Bankrupt Martin pool contractor sues Town of North Hempstead

Teri West
Kayla Spernacka, from New Hyde Park, won a raffle to be the first one down the new water slide at Clinton G. Martin Pool during its 2018 opening. (Photo by Rebecca Klar)

The contractor that renovated the Town of North Hempstead’s Clinton G. Martin pool has sued the town, seeking damages in the amount the company says the town owes it for completed work.

Gramercy Group filed the lawsuit in federal bankruptcy court July 3 after declaring bankruptcy May 17.

The complaint chronicles the contractor’s experience working with the town from when it was awarded the initial contract of $20.7 million.

Upon starting the renovation, the contractor encountered what the document describes as shortcomings in the contract that caused delays and extra expense and work. It ends with its current situation in which the town is withholding $1.3 million for construction issues the town says Gramercy failed to address. That is in addition to about $1.5 million that Gramercy Group says the town has not paid.

Gramercy Group is seeking more than $2.8 million in total.

“The town has refused to meet in good faith to negotiate any payment, whether for contract balance, change order work, or otherwise,” the complaint says.

It was disappointing that the conversation had to become a lawsuit, said Gramercy Group’s attorney, Michael McKenna.

“The positions that they were taking were to me indefensible, and we had no choice but to proceed in this manner,” he said.

The town has not yet responded to Gramercy Group about the complaint because the time period to do so has not yet expired, said spokesperson Carole Troterre.

In its bankruptcy filing, Gramercy Group is a debtor-in-possession and not liquidating, which allows it to collect debts, McKenna said.

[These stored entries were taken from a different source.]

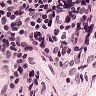
Metastatic tissue present: no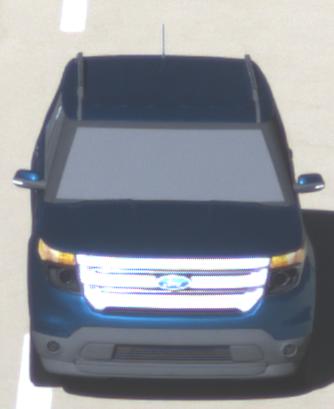
Make: Ford
Model: Explorer
Detailed model: Gen. 5
Model produced from: 2010
Model produced until: 2019
Doors: 5
Color: blue
Road condition: dry road
Daytime: morning or afternoon
Contrast: high contrast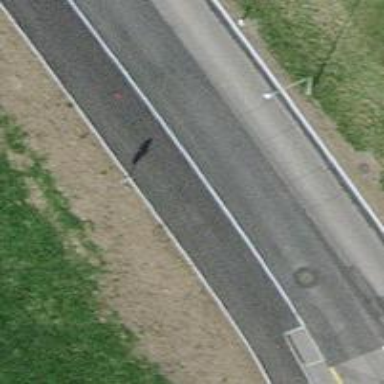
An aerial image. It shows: Tertiary road with asphalt on the left sidewalk.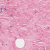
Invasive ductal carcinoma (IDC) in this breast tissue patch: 0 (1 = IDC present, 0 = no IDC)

In May, the attorney said it was a combination of the Town of North Hempstead’s unpaid expenses and an “adverse judgment” in another lawsuit that caused the bankruptcy.

The complaint elaborates on what Gramercy Groups says were omissions in the contract from the start. One example was steel needed to complete the bathhouse that was never in the contract, it says.

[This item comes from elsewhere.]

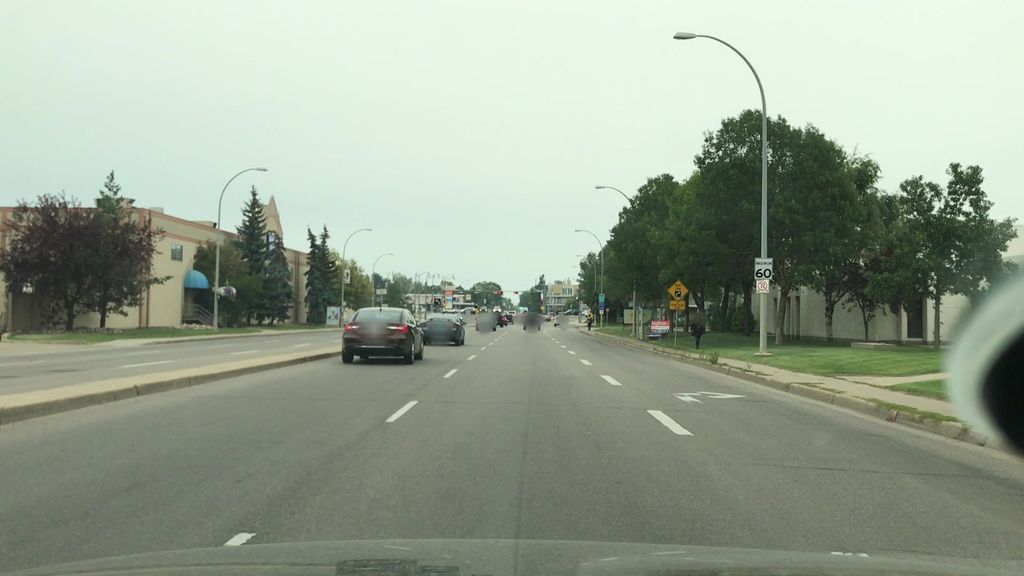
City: edmonton

“Gramercy was then furnished with new drawings that detailed the additional steel work,” the complaint says. “The steel then had to be ordered and the additional work performed. This was at additional cost to Gramercy and had a three-week time impact for which Gramercy is entitled to additional time and compensation.”

The town also consistently added new components to the renovation that were not included in the original contract, according to the complaint. Those led to the project falling behind schedule, it says.

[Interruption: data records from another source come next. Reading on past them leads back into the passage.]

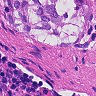
Metastatic tissue present: yes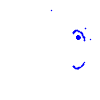
Particle: pion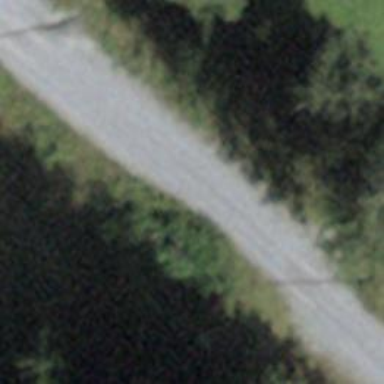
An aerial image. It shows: Gravel track with grade 3 tracktype.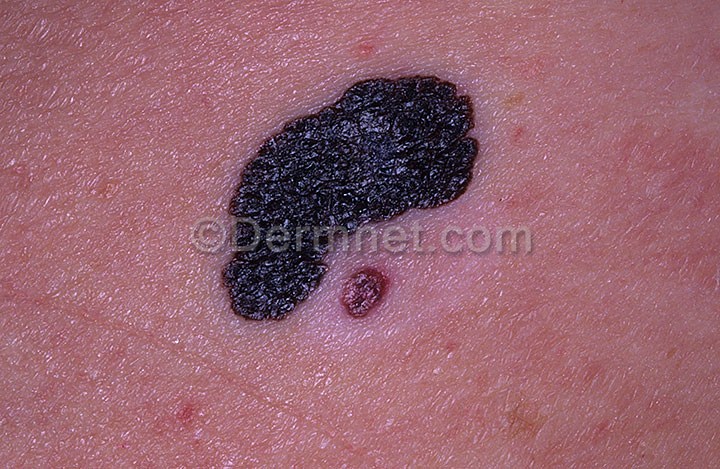
Disease: Melanoma Skin Cancer Nevi and Moles

“The town’s requests that Gramercy perform additional work continued right up to the time of the pool opening,” the complaint says. “Of further example: just prior to the pool opening, the town decided to remove an already-completed concrete planter at the pool’s entrance. The planter, which was constructed per the contract plans, was being removed because the town deemed it ‘was not aesthetically pleasing.’”

Months after the pool opened the town still had changes it wanted made that it outlined in a November 2018 letter that said the project components were incomplete, according to the complaint.

One of those projects was for a gravity overflow system that the contract had asked to have demolished. The town then sent plans for the system in February 2019.

“The town took the position that it was part of Gramercy’s original scope of work and had demanded Gramercy to perform the work at no additional cost,” the complaint says. “Gramercy has and will continue to refuse to perform the work.”

There is an overflow system in place currently that would only pose a risk if a series of issues were to arise, including a power outage, generator breakdown or sump pump breakdown, McKenna said.

Much of what the complaint alleges arose previously in letter correspondences between Gramercy Group and the town. The town sent a letter May 8 to the company saying that it intended to declare the contractor in default for having outstanding work.

Among Gramercy Group’s responses was a letter signed by the company’s president, Vincent Parziale,which goes into the project issues described in the complaint.

McKenna said he anticipates the lawsuit will move more quickly than if it had not been filed in bankruptcy court.

“I expect that this will start to move rather rapidly, but the town hasn’t gotten to the time where it has to respond yet to the complaint,” he said.